How do I evaluate $\sum_{i=0}^{\infty}\frac{i^N}{4^i} $? Question:

How do I evaluate $\displaystyle\sum_{i=0}^{\infty}\frac{i^2}{4^i} $? In general, how can one evaluate $\displaystyle\sum_{i=0}^{\infty}\frac{i^N}{4^i} $?

 A: Look at
$$
f(z)=\sum_{i=0}^{\infty}z^i=\frac{1}{1-z}.
$$
Now
$$
z\frac{d}{dz}f(z)=z\sum_{i=0}^{\infty}iz^{i-1}=\sum_{i=0}^{\infty}iz^i,
$$
and in general
$$
\left(z \frac{d}{dz}\right)^{k}f(z)=\sum_{i=0}^{\infty}i^kz^i.
$$
To compute your sums, apply the appropriate differential operator to $(1-z)^{-1}$, then evaluate the result at $z=1/4$.
A: ncmathsadist 2 gives you very good link for the answer to your first question.
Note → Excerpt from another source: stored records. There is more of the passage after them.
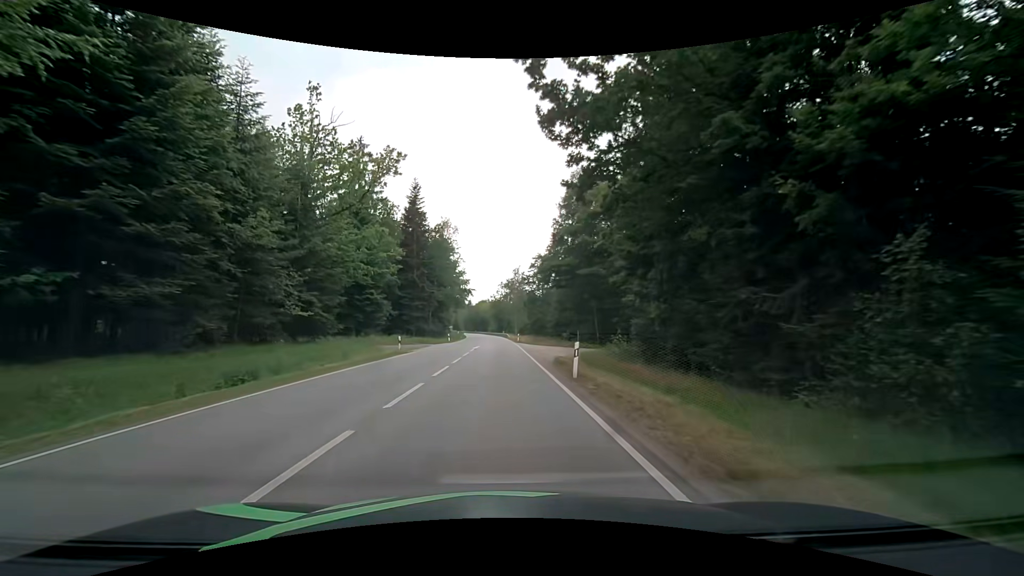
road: secondary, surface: asphalt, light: Day
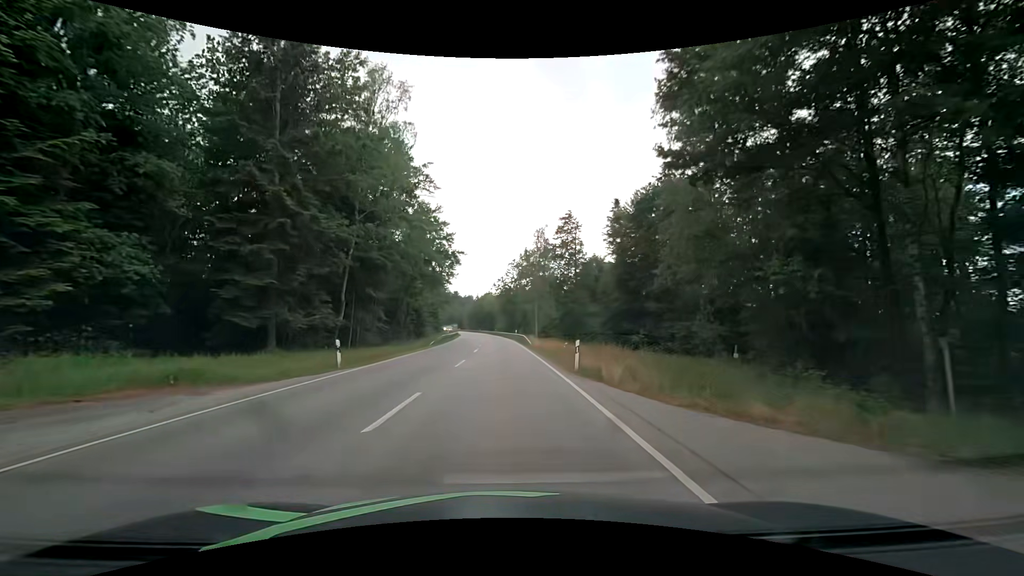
(-0.5, +45.2) m; -1°
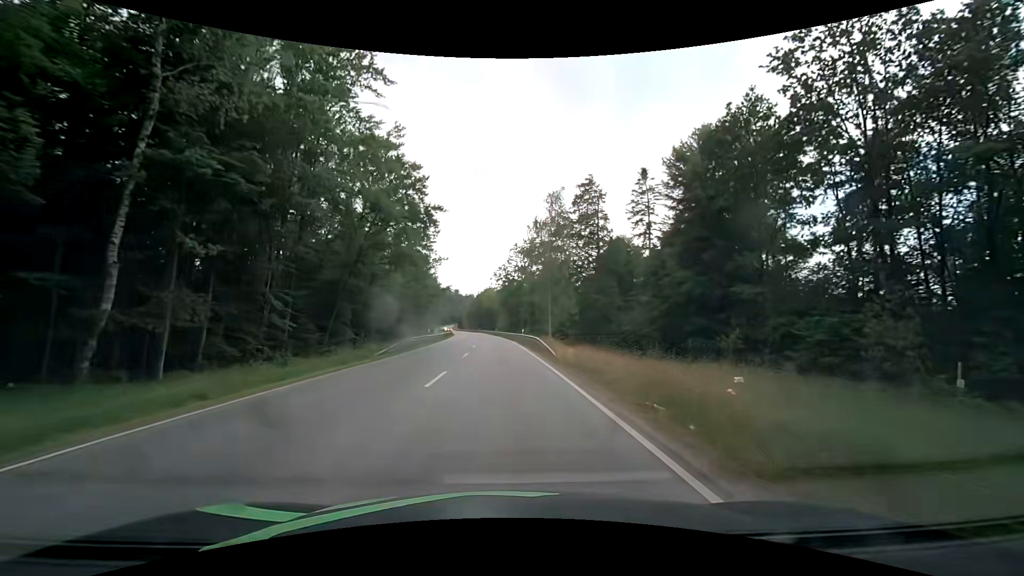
(0.0, +19.0) m; 0°
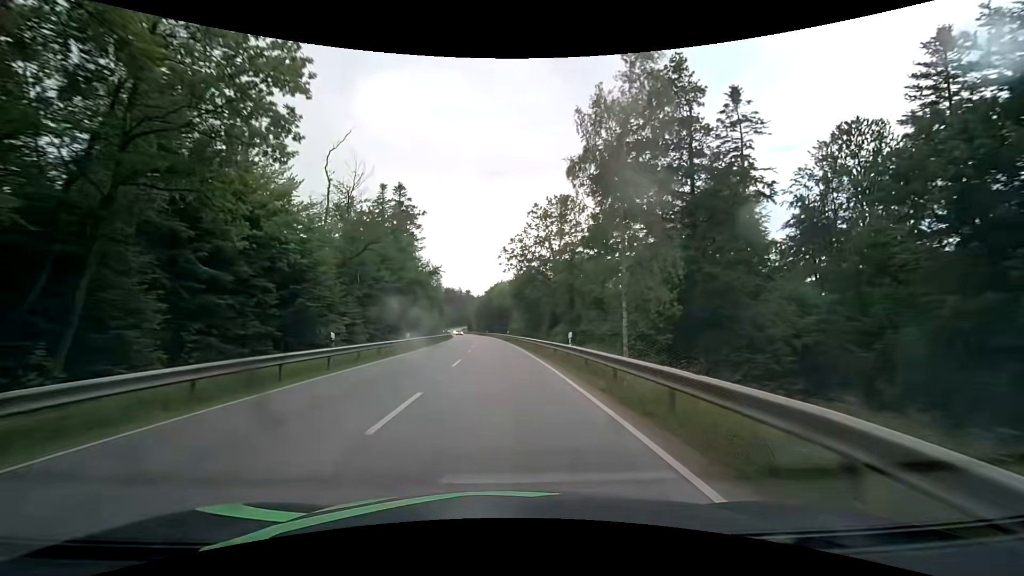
(-0.5, +29.2) m; -2°
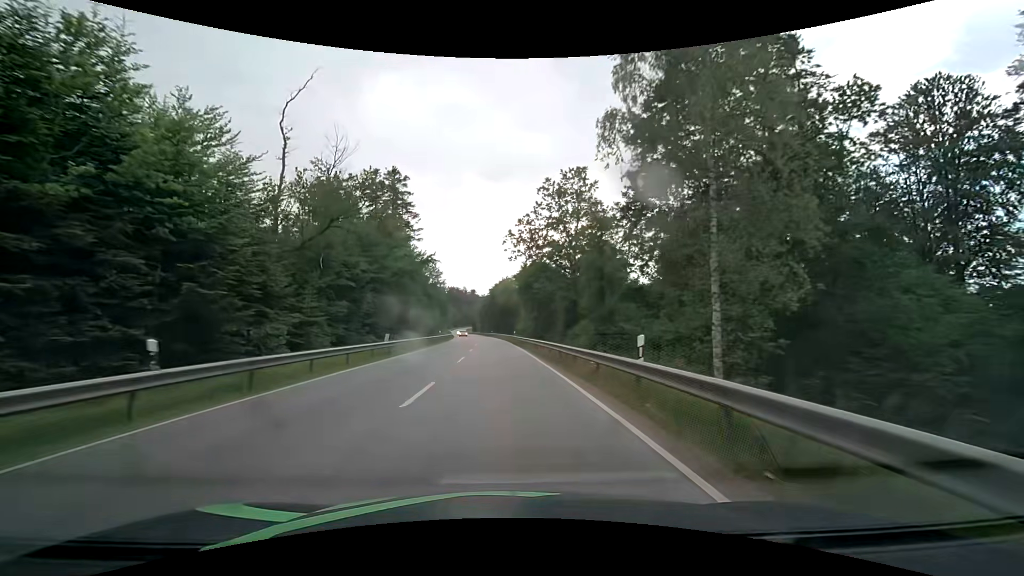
(-0.1, +9.8) m; -1°
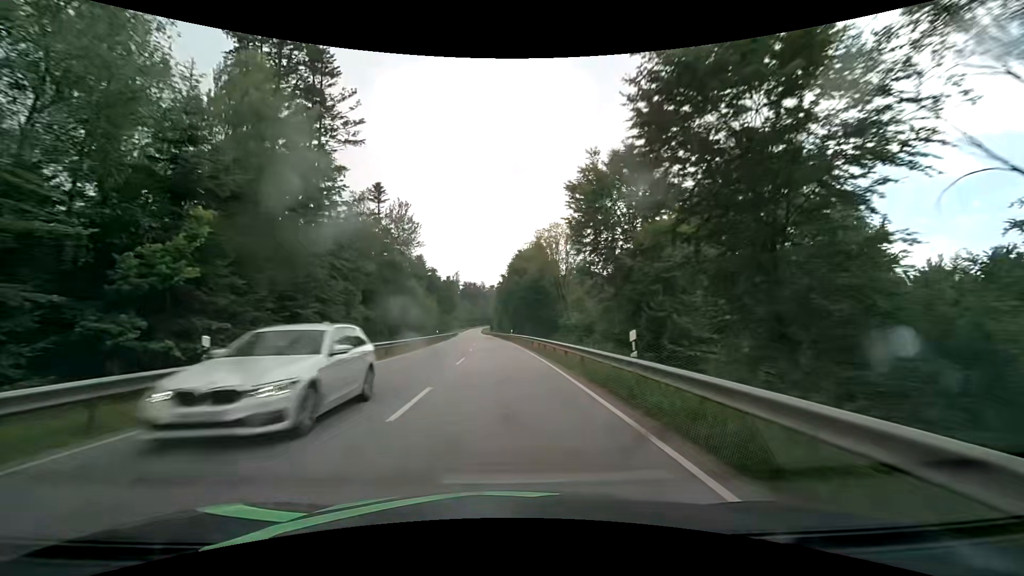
(-1.0, +49.5) m; -2°
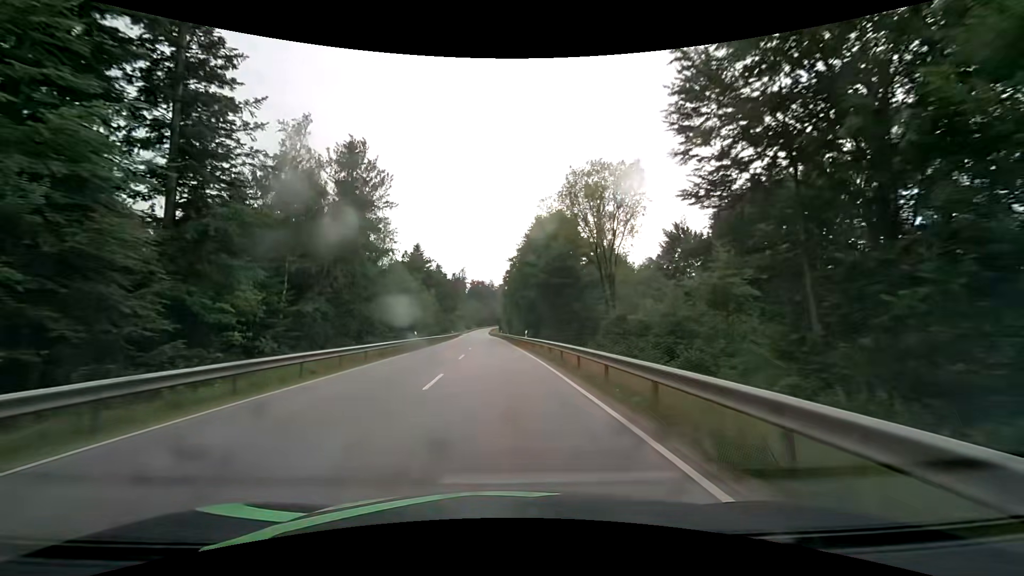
(-0.1, +20.1) m; -1°
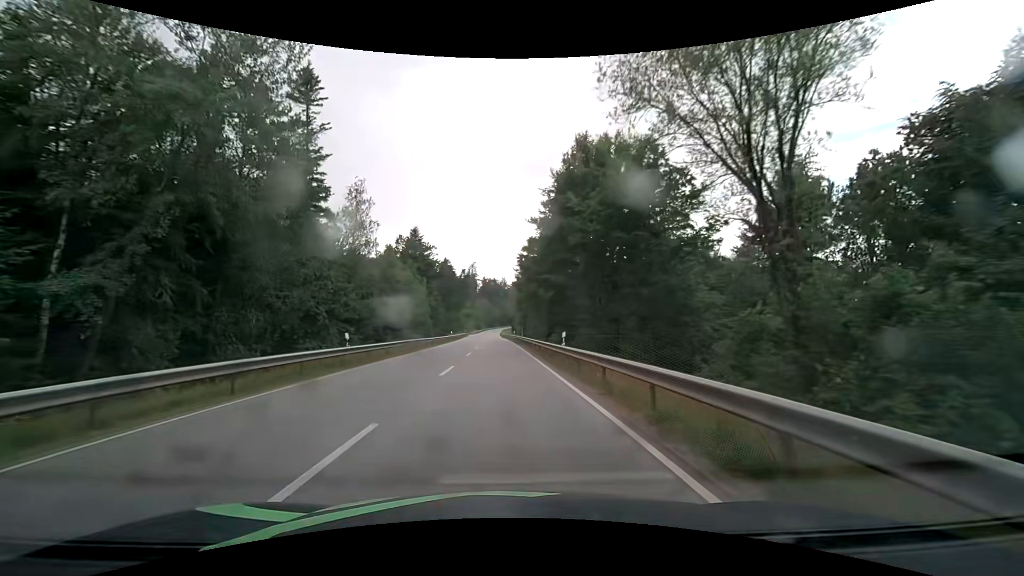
(-0.2, +20.2) m; -1°
(0, +10) (0, +20) (0, +30) (-1, +40) (-1, +50) (-1, +60) (-1, +70) (-2, +80) (-2, +90) (-2, +100) m

You can continue along the same way he used in order to compute the value of the sum changing the value of the exponent from 2 to 3 and to any number.  
I have not been able to find a way to make the solution totally general, that is to say to express the value of the sum as a function of exponent N.  
Ignoring if your question is or not related to homework, I should mention that the summation if terms (i^N / M^i), for i going from 0 to infinity, is the Hurwitz-Lerch transcendent function with arguments [1/M , -N , 0].
A: Consider
$$\sum_{k=1}^\infty \frac{k^s}{z^k}$$
To reproduce the sum in your question, you can take $s=N$ and $z=4$.
Rewrite as
$$\sum_{k=1}^\infty \frac{(1/z)^k}{k^{-s}}$$
This is exactly
$$\operatorname{Li}_{-s}(1/z)$$
Where we have the polylogarithm.

The polylogarithm obeys the recurrence
$$\operatorname{Li}_{s+1} (z)=\int_0^z \frac{\operatorname{Li}_s(t)}{t}\mathrm dt$$
As well as having the special value
$$\operatorname{Li}_0(z)=\frac{z}{1-z}$$
This leads to the formula
$$\operatorname{Li}_{-n}(z)=\left(z\frac{\partial}{\partial z}\right)^n \frac{z}{1-z}$$
Which is enough to information to construct $\operatorname{Li}_{-n}(z)$ for whatever $n$ you like and then plug in $z=1/4$ or whatever other special value you want.